ITT: We decide to review the Switch = OK rules, because it 1. Needs to be updated, & 2. There are a few niggling aspects with the rules that need to be clarified. The purpose of this discussion is to basically, find a set of Switch = OK rulings we can all agree on or something, idk. Here are the current Switch = OK Rules as they stand:
[BOX]Switch = OK: At the end of each round, a trainer may switch their Pokemon. If they do, the Pokemon they send out must issue attacks first. The same trainer cannot switch on consecutive rounds unless an Attack like U-turn, Volt Change, or Teleport is used. Trainers whose Pokemon are returned through the effects of moves like Dragon Tail, Circle Throw, Roar, and Whirlwind do not have to move first the next round.

Voluntary switches occur only during a switching phase.

A Switching phase may only be initiated by the trainer moving first that round. Instead of issuing commands, the trainer may instead initiate a switch and offer their opponent a chance to switch their Pokemon. If the opposing trainer accepts and switches their Pokemon, that trainer forfeits the advantage of moving second that round.

A Switching phase has only two possible outcomes:

1. Player A Switch > Player B Declines Switch > Player A Orders > Player B Orders.

2. Player A Switch > Player B Counterswitch and Orders > Player A Orders.

Tag Team Battles operate the same with both team members on the same team switching their Pokemon first. The team which performs the most switches in the switch phase moves first. (e.g. if both trainers on a two person tag team switch, but only one of their opponents does, their opponents still move second)

Melee battles go through each trainer next in the order. Attack Order is then determined in the reverse order of trainers who switched. (eg. Trainer A initiates switch phase. Trainer B makes a switch, Trainer C declines to switch, then Trainer D makes a switch. The attack order would now be D > B > A > C. Because D was able to see the decisions of all other players, D is punished the most for deciding to switch after B switched and C declined.

Any Battle large enough to require orders via PM will automatically be set to Switch=KO[/BOX]
I proposed a potential solution to the issues that I felt needed to be fixed with the updates & shit. The post was:
Okay, this needs to be done.

<Current Switch = OK Rules go here>

There are some issues that exist in the current rules that I feel need fixing. These are:

  • The obscure cannot initiate a switch phase on consecutive rounds ruling — Nobody follows it, so that needs to be abolished ASAP.
  • Lack of clarity in some sections — This should be fixed.
  • Switch Phases involving trapping moves/abilities/whatever — This is vague & is pretty much unwritten as a ruling, so clarifying it should be necessary.
So we need a solution. This is my proposed solution:
[BOX]Switch = OK: At the end of each round, a trainer may switch their Pokemon. If they do, the Pokémon they send out must issue attacks first if their opponent does not switch with them. Trainers whose Pokémon are returned through the effects of moves like U-turn, Volt Switch, Teleport, and Baton Pass have to order first next round, though they may still initiate a switch phase if they wish to do so. Trainers whose Pokémon are returned through the effects of moves like Dragon Tail, Circle Throw, Roar, and Whirlwind do not have to move first the next round.

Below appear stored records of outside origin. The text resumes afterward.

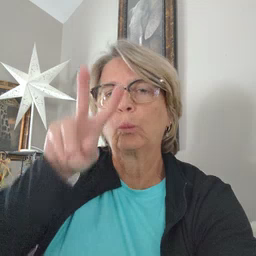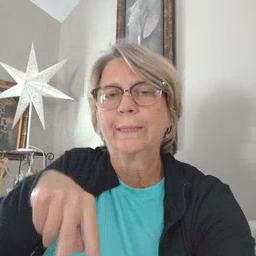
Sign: read
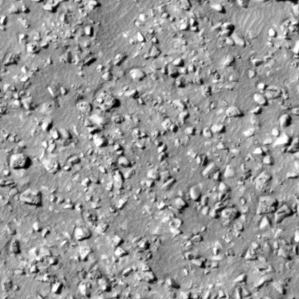
Label: non_frost
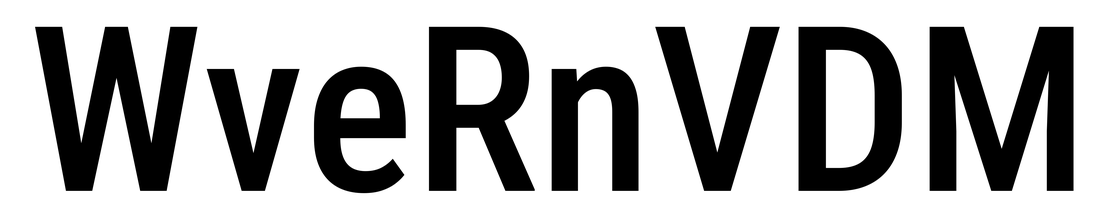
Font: Roboto_Condensed_Medium

Voluntary switches occur only during a switching phase.

A Switching phase may only be initiated by the trainer moving first that round. Instead of issuing commands, the trainer may instead initiate a switch and offer their opponent a chance to switch their Pokémon. If the opposing trainer accepts and switches their Pokémon, that trainer forfeits the advantage of moving second that round. During a Switch Phase, if a trainer switches in/out a Pokémon with the Shadow Tag/Arena Trap Ability, or switches out a Pokémon that has trapped another Pokémon through the use of Block/Mean Look/Bind/Clamp/Fire Spin/Magma Storm/Sand Tomb/Whirlpool/Wrap, then the opponent can still Counterswitch the Pokémon that were trapped through such means. Should the opposing trainer have no living Pokémon in the bench, then the offer to Counterswitch is automatically declined.

A Switching phase has only two possible outcomes:

1. Player A Switch > Player B Declines Switch > Player A Orders > Player B Orders.

2. Player A Switch > Player B Counterswitch and Orders > Player A Orders.

Tag Team Battles operate the same with both team members on the same team switching their Pokemon first. The team which performs the most switches in the switch phase moves first. (e.g. if both trainers on a two person tag team switch, but only one of their opponents does, their opponents still move second)

Melee battles go through each trainer next in the order. Attack Order is then determined in the reverse order of trainers who switched. (eg. Trainer A initiates switch phase. Trainer B makes a switch, Trainer C declines to switch, then Trainer D makes a switch. The attack order would now be D > B > A > C. Because D was able to see the decisions of all other players, D is punished the most for deciding to switch after B switched and C declined.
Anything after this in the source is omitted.